As we discussed in the prior tutorial, the B-tree index is formatted like an upside-down tree. The B-tree indexes generally handle equality and range values that could be sorted in a specific order. The most common operators that are used with a B-tree index include <, <=, =, >= and >. Note too that there are constructs that are the same as these operators like those that use BETWEEN or IN as they could be represented in a similar manner. It is also common to see IS NULL or IS NOT NULL using the B-tree index as a means to check the data.

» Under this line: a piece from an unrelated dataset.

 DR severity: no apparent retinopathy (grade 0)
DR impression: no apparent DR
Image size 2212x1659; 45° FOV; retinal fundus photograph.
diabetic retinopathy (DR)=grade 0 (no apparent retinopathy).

The database may also use a B-tree index with certain pattern matching operators such as LIKE if the pattern is a constant and is anchored at the start of the string. For example, we could look for patterns of the name that starts with Wal:

SELECT *
FROM track
WHERE name LIKE 'Wal%';

Or perhaps customers that have an email address starting with ro:

SELECT *
FROM customer
WHERE email LIKE 'ro%';

However, the B-tree index would not be useful if we tried to find information in the middle or at the end of the string like tracks that have “at” in the middle name:

SELECT *
FROM track
WHERE name LIKE '%at%';

Or customers that have the email with gmail.com as the domain name:

SELECT *
FROM customer
WHERE email LIKE '%@gmail.com';

Other queries on data are based on ranges. For example, you could have open-ended ranges:

SELECT *
FROM track
WHERE album_id >=5;

Or those that have specific ranges that contain values:

SELECT *
FROM track
WHERE album_id >= 5 AND album_id <=10;

This is the same as if we had:

SELECT *
FROM track
WHERE album_id BETWEEN 5 AND 10;

Note that this is different than considering two ranges that do not overlap like:

SELECT *
FROM track
WHERE album_id <= 5 AND album_id >=10;

Here we are looking for items with the album_id less than or equal to 5 while at the same time looking for the album_id being greater or equal to 10. As the album_id cannot be a value that simultaneously meets that criteria, no rows would be returned but more importantly, this would not be a good fit for the B-tree index. Even if we use the OR operator, it will not be as efficient as having the overlapping range:

SELECT *
FROM track
WHERE album_id <= 5 OR album_id >=10;

The B-tree index is great for instances where you have values that only repeat a few times (or are completely unique). For example, if we look at the track’s name, there may be a few repeated names but for the most part, the names on the tracks are different compared to the total number of rows in the table. As such, a B-tree index would be the best choice. Note that when you are adding indexes to tables, you generally do not have to worry about what the best type of index to use is as the database does handle it for you. The B-tree index is the default choice.


try it
Your turn! Open the SQL tool by clicking on the LAUNCH DATABASE button below. Then enter in one of the examples above and see how it works. Next, try your own choices for which columns you want the query to provide.

summary
The B-Tree index is the most common type of index.